As a registered dietician, I believe in weight management during this period, not weight loss. And smart weight management begins with eating and exercising properly between now and the start of 2025.
It is simply naïve to think that we should even try to lose wait during from Thanksgiving through New Year’s. But we can limit the damage with some restraint at the dinner table and some vigorous but brief exercise routines. And thus we can begin the new year with momentum toward better health.
First let’s dive into sensible eating and drinking. Most Americans eat beyond the feeling of being full and consume more than their usual amount of alcohol. It’s the holidays after all.
There is another way:
- At the buffet table, choose vegetables first, and leave less room for those deep-fried coconut shrimp or mozzarella sticks.
- Eat slowly. It takes at least 20 minutes for your brain to realize you’re full, so take your time before deciding if you want seconds.
- Limit yourself to two glasses of wine, and alternate with lots of water.
If you follow these simple steps, I guarantee you’ll enjoy yourself just as much at the party, if not more. And you’ll thank yourself later.
Then there’s exercise. Are you puzzled and frustrated when you work out at the gym, or walk for an hour, and yet you gain pounds instead of losing them after feasting at holiday buffets? Here’s why we fail and how we can change:
- Most gym workouts and walks are the wrong kind of exercise. First of all, making a commitment to work out three days a week is problematic if getting to the gym that often is unrealistic.
- Spinning our wheels with the wrong type of exercise can be fixed right at home. And the correct way to exercise only takes a few minutes out or your busy holiday schedule.
- My research shows that fewer exercises of shorter duration but higher impact can result in weight and girth loss, and be a more sustainable approach to adult exercise.
- While my studies have focused on post-menopausal women, there is no reason the approach can’t work for everyone. What I found in three separate studies is that women increased lean mass and decreased fat mass through high intensity interval training, or HIIT. And a side benefit of HIIT usually is that you stick to the program more consistently.
I was a tri-athlete and weight was never a problem. Then menopause hit and I gained weight and my blood pressure rose. So I tried a 10-minute exercise program that includes HIIT exercises for the upper and lower body. Ten years later, I’m back to my normal weight.
The women in my research were not all former athletes, but those who adopted HIIT routines toned down the size of their abdomens, hips, waists and thighs.

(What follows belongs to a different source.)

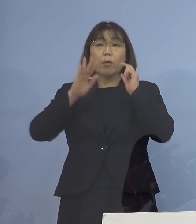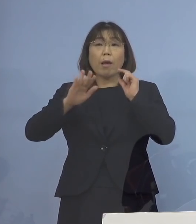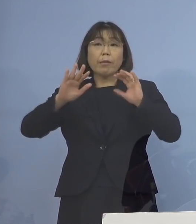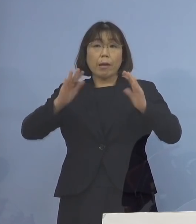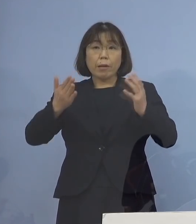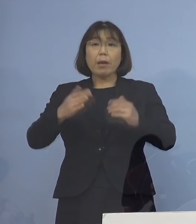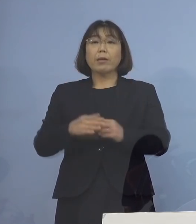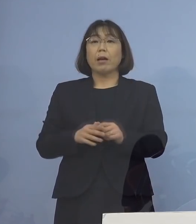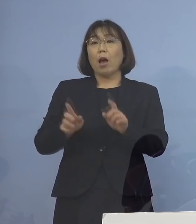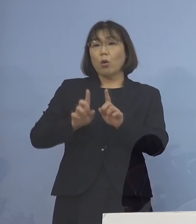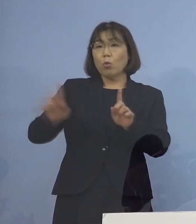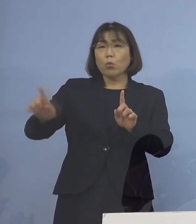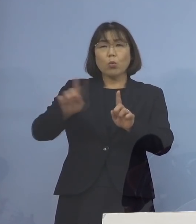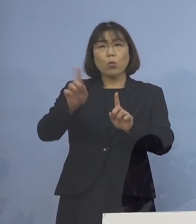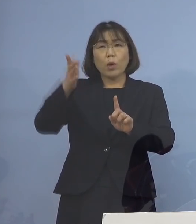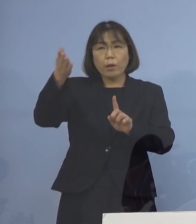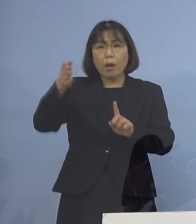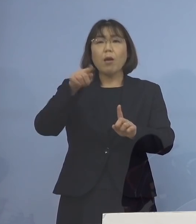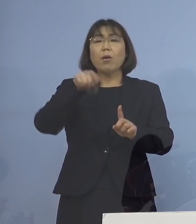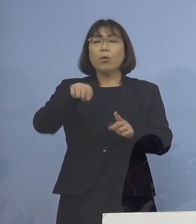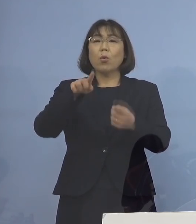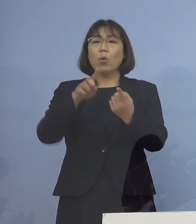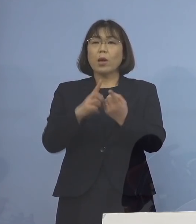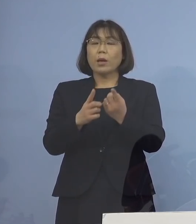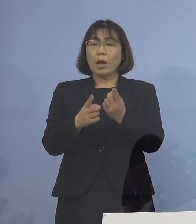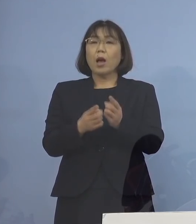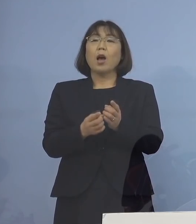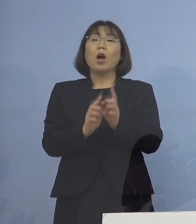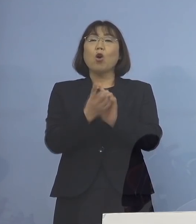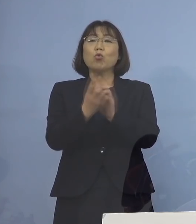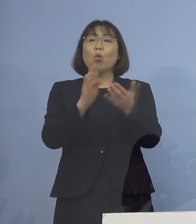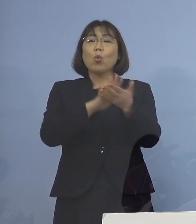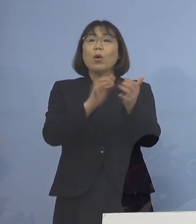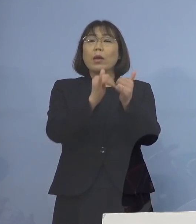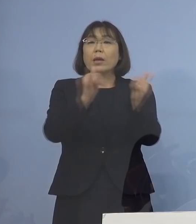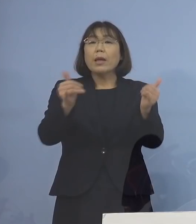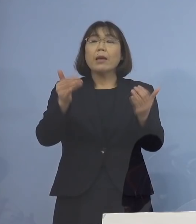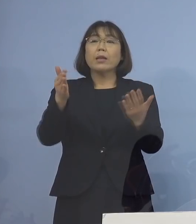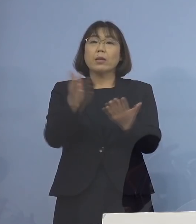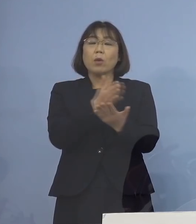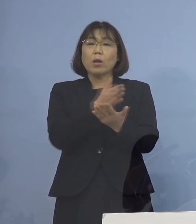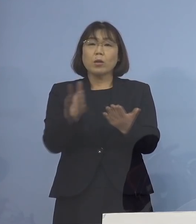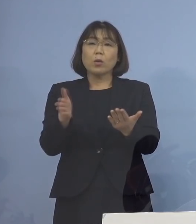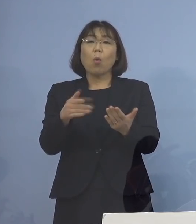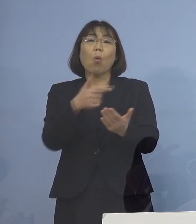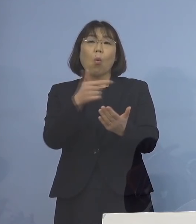こういったところが 実は濃厚接触者の大きな判定になる これまで例えば 「第4波」「第5波」で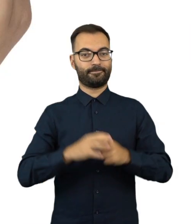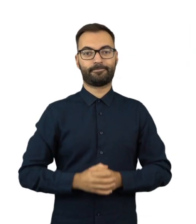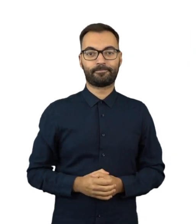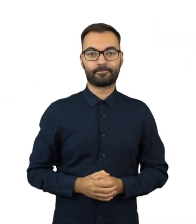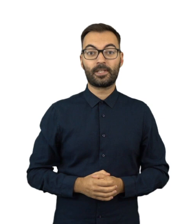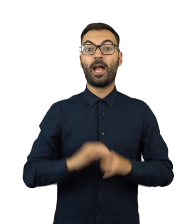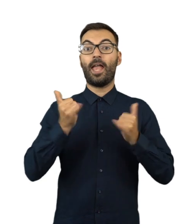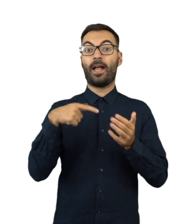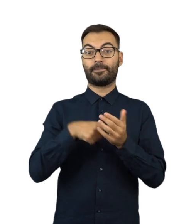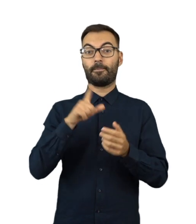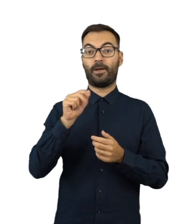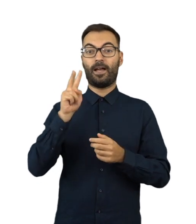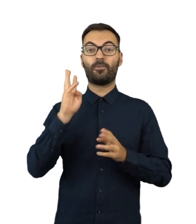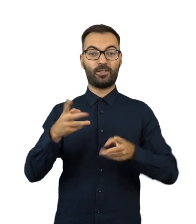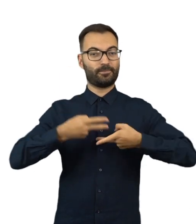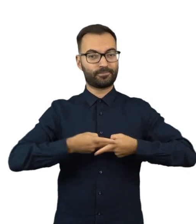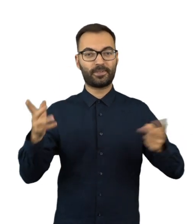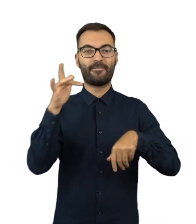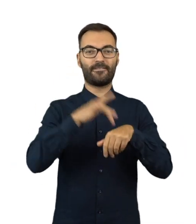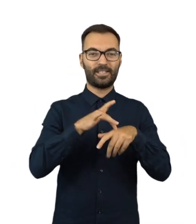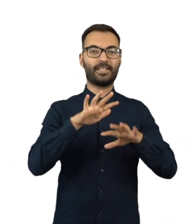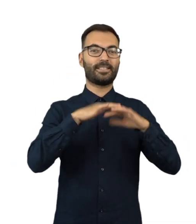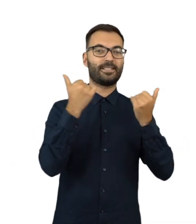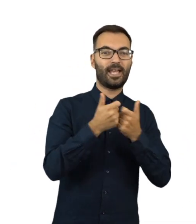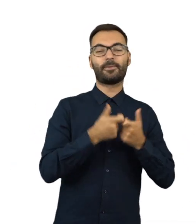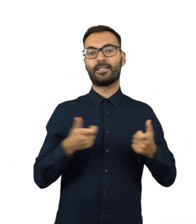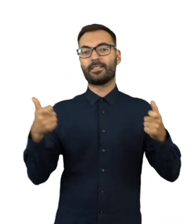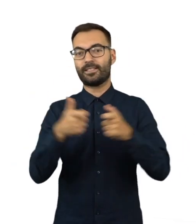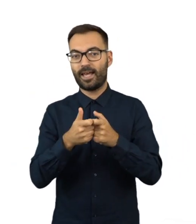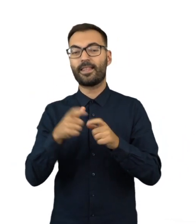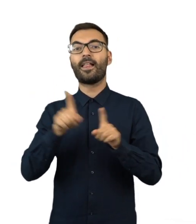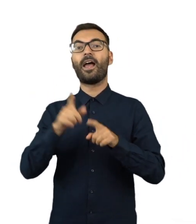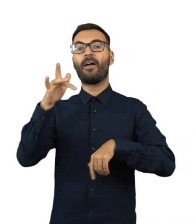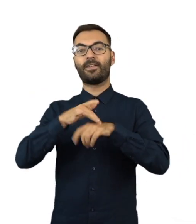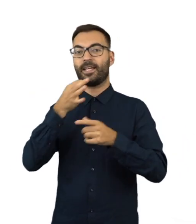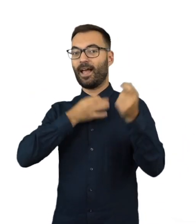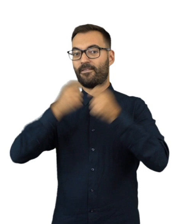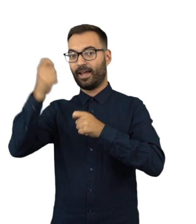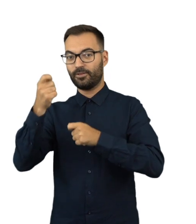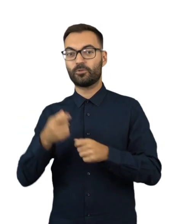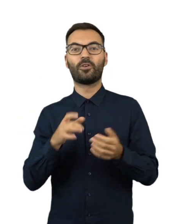W ciągu 7 dni od ogłoszenia przez PKW w Dzienniku Ustaw wyników wyborów do Sejmu i Senatu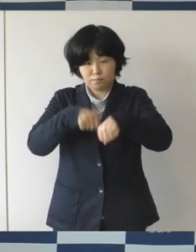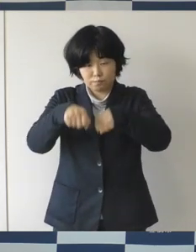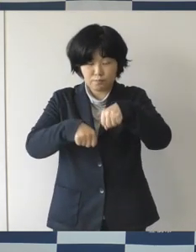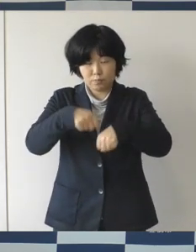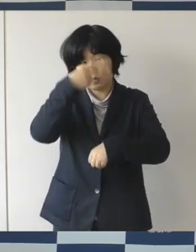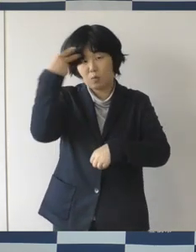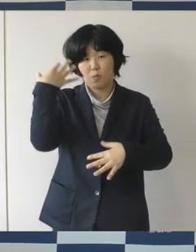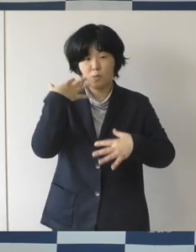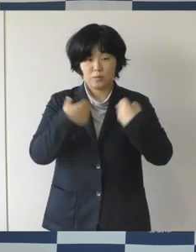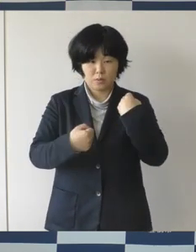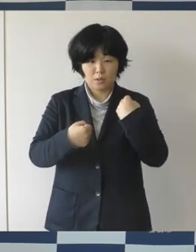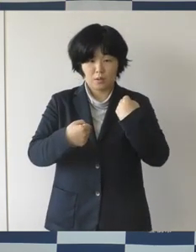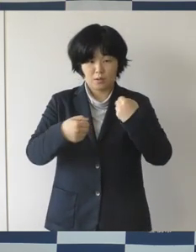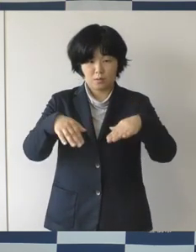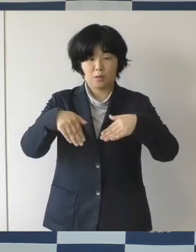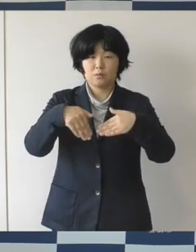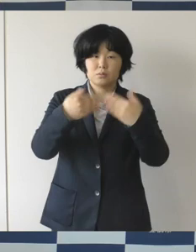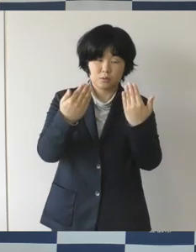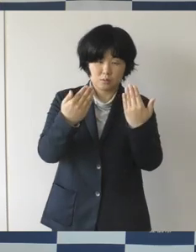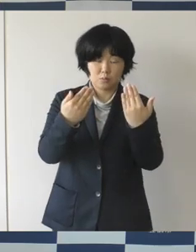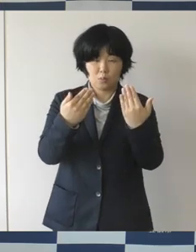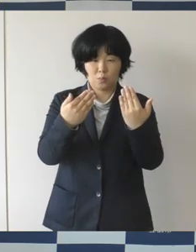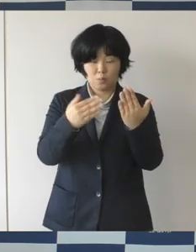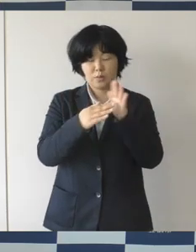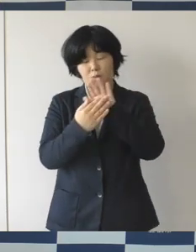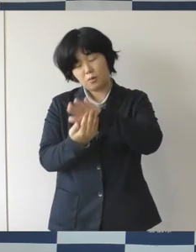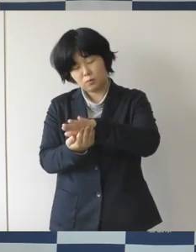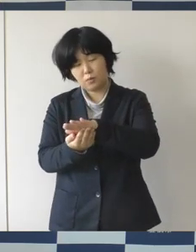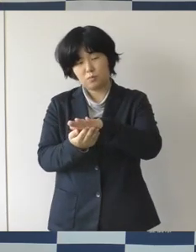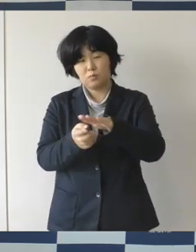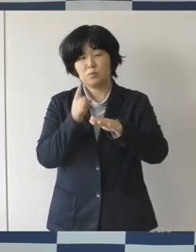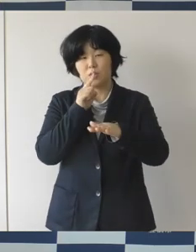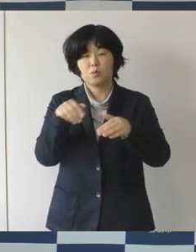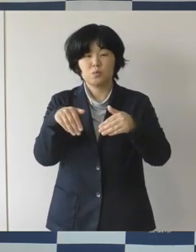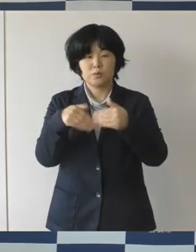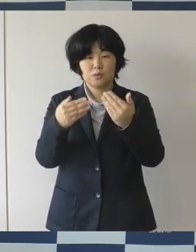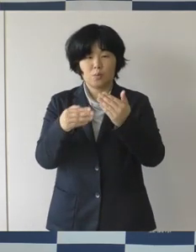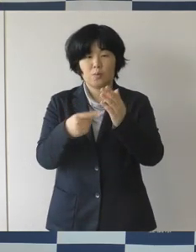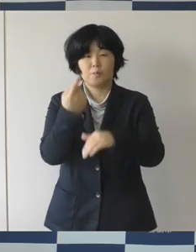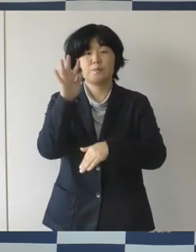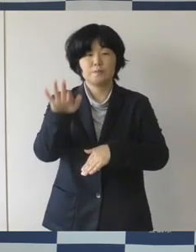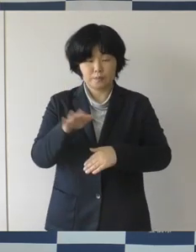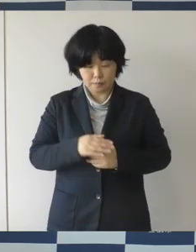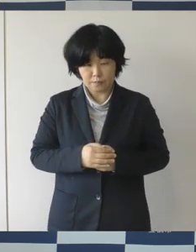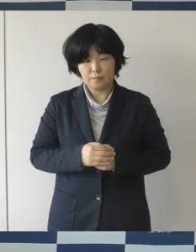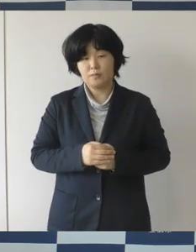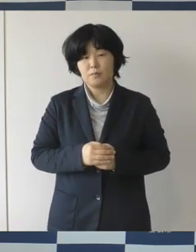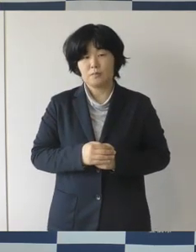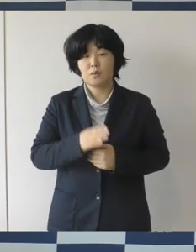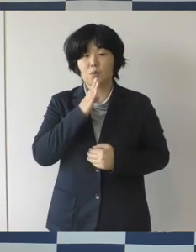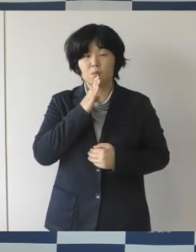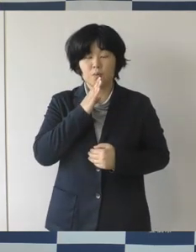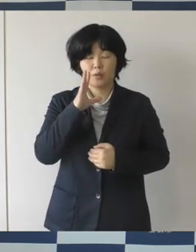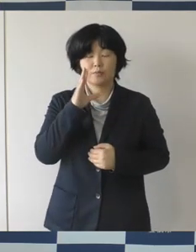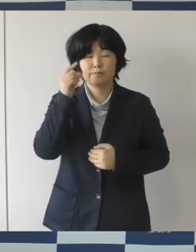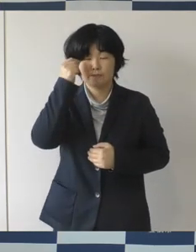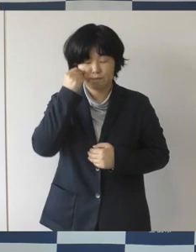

This success has the side benefit of reducing one’s risk of diabetes and heart disease.
So what are we waiting for gals and guys? Let’s start doing those burpees, planks, scissors moves and Pilates. Start at your own pace, and in a short amount of time, you will notice a difference in your glutes, hamstrings, buttocks and quads.
While we still may gain a few pounds over the holidays, we will have launched ourselves on a New Year’s path to looking and feeling better than we have in a long time. And the pounds will eventually come off!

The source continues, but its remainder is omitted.